Men, Yana; Su, Xiaozhi; Li, Peng; Tan, Yue; Ge, Chuangxin; Jia, Shuangfeng; Li, Lei; Wang, Jianbo; Cheng, Gongzhen; Zhuang, Lin; Chen, Shengli; Luo, Wei

JOURNAL OF THE AMERICAN CHEMICAL SOCIETY

2022, , 0002-7863

Men, Yana; Su, Xiaozhi; Li, Peng; Tan, Yue; Ge, Chuangxin; Jia, Shuangfeng; Li, Lei; Wang, Jianbo; Cheng, Gongzhen; Zhuang, Lin; Chen, Shengli; Luo, Wei

Precisely tailoring the electronic structures of electrocatalysts to achieve an optimum hydroxide binding energy (OHBE) is vital to the alkaline hydrogen oxidation reaction (HOR). As a promising alternative to the Pt-group metals, considerable efforts have been devoted to exploring highly efficient Ni-based catalysts for alkaline HOR. However, their performances still lack practical competitiveness.
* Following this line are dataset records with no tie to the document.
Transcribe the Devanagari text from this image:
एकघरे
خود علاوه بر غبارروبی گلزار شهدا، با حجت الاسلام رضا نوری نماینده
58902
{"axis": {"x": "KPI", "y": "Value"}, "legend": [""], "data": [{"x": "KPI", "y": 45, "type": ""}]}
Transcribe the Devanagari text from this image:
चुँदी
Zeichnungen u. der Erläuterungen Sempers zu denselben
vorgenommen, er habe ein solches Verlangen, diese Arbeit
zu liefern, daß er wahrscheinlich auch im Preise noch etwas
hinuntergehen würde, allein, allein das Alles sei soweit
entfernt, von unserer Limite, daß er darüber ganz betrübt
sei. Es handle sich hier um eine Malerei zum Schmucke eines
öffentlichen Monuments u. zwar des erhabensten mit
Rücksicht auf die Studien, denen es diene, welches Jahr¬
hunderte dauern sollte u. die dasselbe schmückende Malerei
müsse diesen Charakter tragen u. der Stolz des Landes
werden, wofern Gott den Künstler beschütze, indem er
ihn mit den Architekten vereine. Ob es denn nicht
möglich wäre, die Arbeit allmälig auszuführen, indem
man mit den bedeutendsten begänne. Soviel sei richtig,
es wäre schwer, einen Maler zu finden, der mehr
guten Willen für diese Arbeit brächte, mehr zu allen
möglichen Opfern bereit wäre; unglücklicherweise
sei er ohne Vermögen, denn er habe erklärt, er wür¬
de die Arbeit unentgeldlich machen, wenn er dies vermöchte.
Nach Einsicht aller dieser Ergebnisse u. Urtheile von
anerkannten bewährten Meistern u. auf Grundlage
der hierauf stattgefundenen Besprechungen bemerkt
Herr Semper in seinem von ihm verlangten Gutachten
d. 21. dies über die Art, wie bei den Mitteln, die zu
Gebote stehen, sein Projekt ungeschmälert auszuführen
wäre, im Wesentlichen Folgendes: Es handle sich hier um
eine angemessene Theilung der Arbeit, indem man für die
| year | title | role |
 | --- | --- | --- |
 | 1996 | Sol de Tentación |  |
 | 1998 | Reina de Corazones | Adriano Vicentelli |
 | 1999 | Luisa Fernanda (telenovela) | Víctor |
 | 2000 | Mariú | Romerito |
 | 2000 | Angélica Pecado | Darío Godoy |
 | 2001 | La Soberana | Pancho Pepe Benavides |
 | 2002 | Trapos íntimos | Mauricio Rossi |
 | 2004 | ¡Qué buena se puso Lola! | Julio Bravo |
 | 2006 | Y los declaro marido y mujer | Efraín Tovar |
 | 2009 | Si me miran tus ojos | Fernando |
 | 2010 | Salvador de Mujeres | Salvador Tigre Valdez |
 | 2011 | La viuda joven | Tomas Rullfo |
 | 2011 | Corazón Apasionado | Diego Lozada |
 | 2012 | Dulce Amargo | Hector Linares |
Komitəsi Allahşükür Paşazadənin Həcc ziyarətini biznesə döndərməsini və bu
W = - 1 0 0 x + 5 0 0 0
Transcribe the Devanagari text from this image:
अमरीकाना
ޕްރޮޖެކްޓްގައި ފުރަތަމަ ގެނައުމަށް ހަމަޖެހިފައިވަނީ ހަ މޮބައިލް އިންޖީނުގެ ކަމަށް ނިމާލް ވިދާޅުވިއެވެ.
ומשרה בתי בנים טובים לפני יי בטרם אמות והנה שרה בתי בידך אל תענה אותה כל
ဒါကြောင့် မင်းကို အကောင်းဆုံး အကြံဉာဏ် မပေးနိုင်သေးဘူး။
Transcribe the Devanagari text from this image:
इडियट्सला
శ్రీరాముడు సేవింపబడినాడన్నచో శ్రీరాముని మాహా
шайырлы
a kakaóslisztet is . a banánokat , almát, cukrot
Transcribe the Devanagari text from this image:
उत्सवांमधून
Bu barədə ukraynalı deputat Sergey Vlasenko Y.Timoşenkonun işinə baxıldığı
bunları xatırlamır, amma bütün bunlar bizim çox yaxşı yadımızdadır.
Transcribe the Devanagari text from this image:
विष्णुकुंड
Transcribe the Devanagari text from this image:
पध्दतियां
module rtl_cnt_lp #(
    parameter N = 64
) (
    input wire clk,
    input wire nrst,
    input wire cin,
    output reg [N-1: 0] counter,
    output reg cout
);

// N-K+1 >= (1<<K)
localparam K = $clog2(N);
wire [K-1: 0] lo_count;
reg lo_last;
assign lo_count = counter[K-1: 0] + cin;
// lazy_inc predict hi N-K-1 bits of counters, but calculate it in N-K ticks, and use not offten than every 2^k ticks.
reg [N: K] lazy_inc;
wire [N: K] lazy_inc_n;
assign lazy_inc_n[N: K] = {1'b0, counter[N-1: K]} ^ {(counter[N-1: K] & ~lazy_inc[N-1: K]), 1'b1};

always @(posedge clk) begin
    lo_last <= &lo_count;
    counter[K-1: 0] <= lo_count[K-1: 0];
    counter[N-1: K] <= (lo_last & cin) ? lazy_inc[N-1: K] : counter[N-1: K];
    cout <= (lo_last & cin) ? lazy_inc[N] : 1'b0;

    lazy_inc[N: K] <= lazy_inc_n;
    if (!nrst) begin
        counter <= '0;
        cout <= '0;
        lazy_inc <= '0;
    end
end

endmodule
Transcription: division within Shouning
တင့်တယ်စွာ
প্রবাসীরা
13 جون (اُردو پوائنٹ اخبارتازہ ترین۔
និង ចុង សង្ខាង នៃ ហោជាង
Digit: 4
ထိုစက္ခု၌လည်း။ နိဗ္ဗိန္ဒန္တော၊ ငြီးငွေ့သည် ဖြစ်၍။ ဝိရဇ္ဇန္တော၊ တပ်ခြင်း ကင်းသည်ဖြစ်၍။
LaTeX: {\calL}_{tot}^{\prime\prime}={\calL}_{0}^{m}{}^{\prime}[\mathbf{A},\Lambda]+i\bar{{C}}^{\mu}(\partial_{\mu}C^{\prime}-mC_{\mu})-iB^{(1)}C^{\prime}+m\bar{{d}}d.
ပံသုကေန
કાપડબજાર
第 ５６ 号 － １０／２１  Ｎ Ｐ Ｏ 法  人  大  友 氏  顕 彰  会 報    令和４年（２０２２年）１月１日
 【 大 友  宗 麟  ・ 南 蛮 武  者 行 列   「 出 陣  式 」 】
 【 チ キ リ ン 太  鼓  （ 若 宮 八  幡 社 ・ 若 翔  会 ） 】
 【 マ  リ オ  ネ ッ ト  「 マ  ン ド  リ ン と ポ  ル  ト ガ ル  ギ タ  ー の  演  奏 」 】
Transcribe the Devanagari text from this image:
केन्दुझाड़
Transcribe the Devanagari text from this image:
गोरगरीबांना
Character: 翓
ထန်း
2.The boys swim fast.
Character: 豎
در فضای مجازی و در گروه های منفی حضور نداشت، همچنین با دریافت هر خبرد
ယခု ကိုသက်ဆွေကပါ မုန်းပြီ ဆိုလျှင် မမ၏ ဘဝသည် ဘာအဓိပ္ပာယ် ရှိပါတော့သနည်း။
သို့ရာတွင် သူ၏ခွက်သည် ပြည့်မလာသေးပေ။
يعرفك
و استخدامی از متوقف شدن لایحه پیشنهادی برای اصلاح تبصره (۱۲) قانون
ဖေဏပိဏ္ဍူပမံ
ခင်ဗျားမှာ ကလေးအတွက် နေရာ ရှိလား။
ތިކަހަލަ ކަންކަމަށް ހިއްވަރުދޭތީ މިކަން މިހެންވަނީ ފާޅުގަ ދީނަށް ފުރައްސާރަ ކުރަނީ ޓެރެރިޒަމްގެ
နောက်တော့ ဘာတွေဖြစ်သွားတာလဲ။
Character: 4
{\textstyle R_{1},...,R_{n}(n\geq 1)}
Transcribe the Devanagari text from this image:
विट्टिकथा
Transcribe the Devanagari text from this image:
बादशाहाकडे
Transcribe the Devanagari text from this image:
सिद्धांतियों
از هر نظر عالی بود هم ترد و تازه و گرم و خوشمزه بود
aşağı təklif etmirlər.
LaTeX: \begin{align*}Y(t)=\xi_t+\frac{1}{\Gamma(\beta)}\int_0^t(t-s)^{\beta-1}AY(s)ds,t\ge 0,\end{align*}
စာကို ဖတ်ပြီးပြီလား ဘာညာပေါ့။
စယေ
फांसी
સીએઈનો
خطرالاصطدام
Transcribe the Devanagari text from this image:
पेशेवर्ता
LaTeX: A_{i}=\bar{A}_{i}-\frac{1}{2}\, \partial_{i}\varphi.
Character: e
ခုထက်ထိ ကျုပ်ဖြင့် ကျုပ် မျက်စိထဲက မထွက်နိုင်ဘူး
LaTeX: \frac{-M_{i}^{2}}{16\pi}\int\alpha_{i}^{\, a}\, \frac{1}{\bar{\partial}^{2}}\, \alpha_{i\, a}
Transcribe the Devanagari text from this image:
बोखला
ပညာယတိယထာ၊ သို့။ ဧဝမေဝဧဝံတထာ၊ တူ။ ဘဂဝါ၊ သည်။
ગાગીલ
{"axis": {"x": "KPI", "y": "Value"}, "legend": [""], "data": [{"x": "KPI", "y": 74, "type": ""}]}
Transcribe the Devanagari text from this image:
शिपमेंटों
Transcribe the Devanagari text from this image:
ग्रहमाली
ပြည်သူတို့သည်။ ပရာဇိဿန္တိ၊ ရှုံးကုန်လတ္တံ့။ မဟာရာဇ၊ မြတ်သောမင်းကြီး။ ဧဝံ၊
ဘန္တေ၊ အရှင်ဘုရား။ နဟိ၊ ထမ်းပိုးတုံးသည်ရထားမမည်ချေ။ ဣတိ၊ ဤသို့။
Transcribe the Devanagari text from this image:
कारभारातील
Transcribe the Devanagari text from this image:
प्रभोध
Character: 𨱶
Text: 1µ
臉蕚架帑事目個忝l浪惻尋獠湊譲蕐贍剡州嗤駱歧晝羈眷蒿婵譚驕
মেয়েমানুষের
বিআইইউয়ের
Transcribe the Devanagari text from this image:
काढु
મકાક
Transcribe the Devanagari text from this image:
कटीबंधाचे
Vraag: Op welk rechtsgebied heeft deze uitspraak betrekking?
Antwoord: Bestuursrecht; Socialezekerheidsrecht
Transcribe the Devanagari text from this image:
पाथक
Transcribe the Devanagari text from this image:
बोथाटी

Herein, based on insights from the molecular orbital theory and the Hammer-Norskov d-band model, we propose an ingenious surface oxygen insertion strategy to precisely tailor the electronic structures of Ni electrocatalysts, simultaneously increasing the degree of energy-level alignment between the adsorbed hydroxide (*OH) states and surface Ni d-band and decreasing the degree of anti-bonding filling, which leads to an optimal OHBE. Through the pyrolysis procedure mediated by a metal-organic framework at a low temperature under a reducing atmosphere, the obtained oxygen-inserted two atomic-layer Ni shell-modified Ni metal core nanoparticle (Ni@O-i-Ni) exhibits a remarkable alkaline HOR performance with a record mass activity of 85.63 mA mg(-1), which is 40-fold higher than that of the freshly synthesized Ni catalyst. Combining CO stripping experiments with ab initio calculations, we further reveal a linear relationship between the OHBE and the content of inserted oxygen, which thus results in a volcano-type correlation between the OH binding strength and alkaline HOR activity. This work indicates that the oxygen insertion into the top-surface layers is an efficient strategy to regulate the coordination environment and electronic structure of Ni catalysts and identifies the dominate role of OH binding strength in alkaline HOR.